Queridos amigos sacerdotes y profesionales de la carretera:

Ante la próxima jornada de Responsabilidad en el Tráfico que este año tiene como lema “NO HARÁS A NADIE LO QUE TU ABORRECES” (Tob. 4, 10), queremos resaltar que este año celebramos el 51 aniversario de esta jornada y de la creación del Departamento de Apostolado de la Carretera de la CEE. Con ese motivo se ha publicado el documento que lleva por título: Espíritu Cristiano y Tráfico. Con motivo de las bodas de oro de esta efeméride los delegados de responsables de este Apostolado, viajamos a Roma visitando al Papa quien tuvo el detalle de saludar y recordar de modo particular a La Rioja y a los riojanos.

Nos encontramos al inicio de las vacaciones, cuando viaja tanta gente y por desgracia ocurren tantos accidentes de tráfico; estamos celebrando el Año Jubilar de uno de nuestros Patronos, Santo Domingo de la Calzada por ser el milenario de su nacimiento, por cuya ciudad han pasado a lo largo de la historia miles y miles de peregrinos de Europa a los que se añaden actualmente peregrinos de todo el mundo.
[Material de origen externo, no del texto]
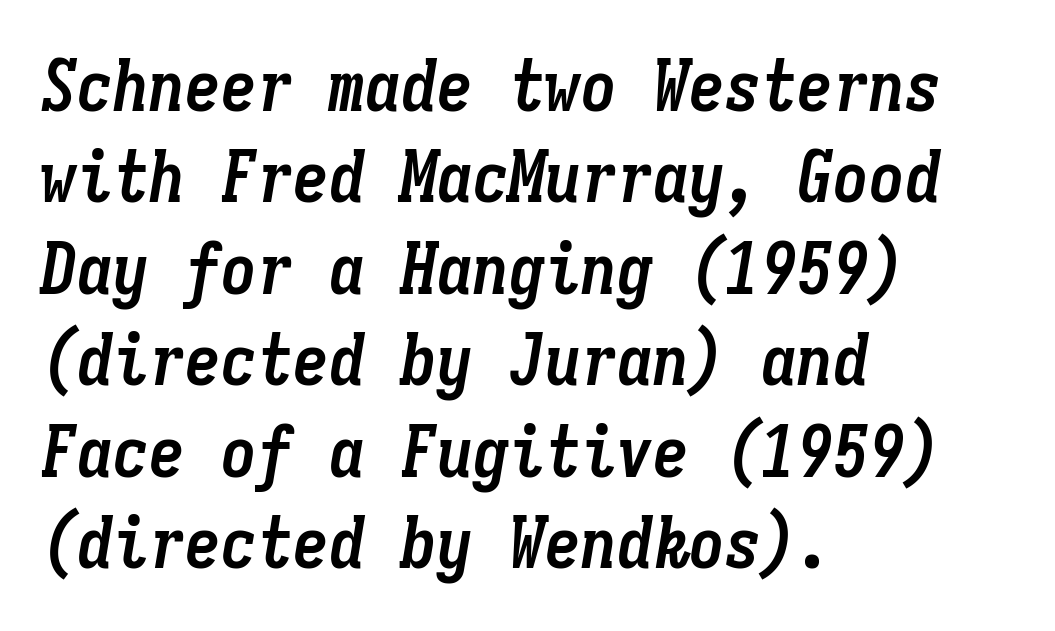
Q: Is the text bold? A: Yes.
Q: Is the text italic (slanted)? A: Yes, it leans right by about 9 degrees.
Q: Is the text underlined? A: No.
Q: How is the paragraph aligned? A: Left-aligned.
Q: Is the spacing between letters normal or unusually wide? A: Normal.
Q: Is the spacing between lines tight, normal or loose? A: Normal.
Q: Width (condensed, normal, or wide)? A: Condensed.
Q: Stroke contrast? A: Low.
Q: x-height? A: Medium.
Q: Monospaced? A: Yes.

En la Diócesis de Calahorra y La Calzada- Logroño tiene lugar actualmente la Misión Euntes en cuya realización estamos implicados todos los riojanos. Para despojarnos de una vida cómoda y adentrarnos en una vida santa de amor apasionado a Jesucristo y a su Iglesia llevando el mensaje del Evangelio a todos los rincones de nuestra tierra, el Papa nos está invitando a salir a las periferias para dar a conocer a Jesús que es el único Salvador de los hombres: Él es el Camino, la Verdad y La Vida.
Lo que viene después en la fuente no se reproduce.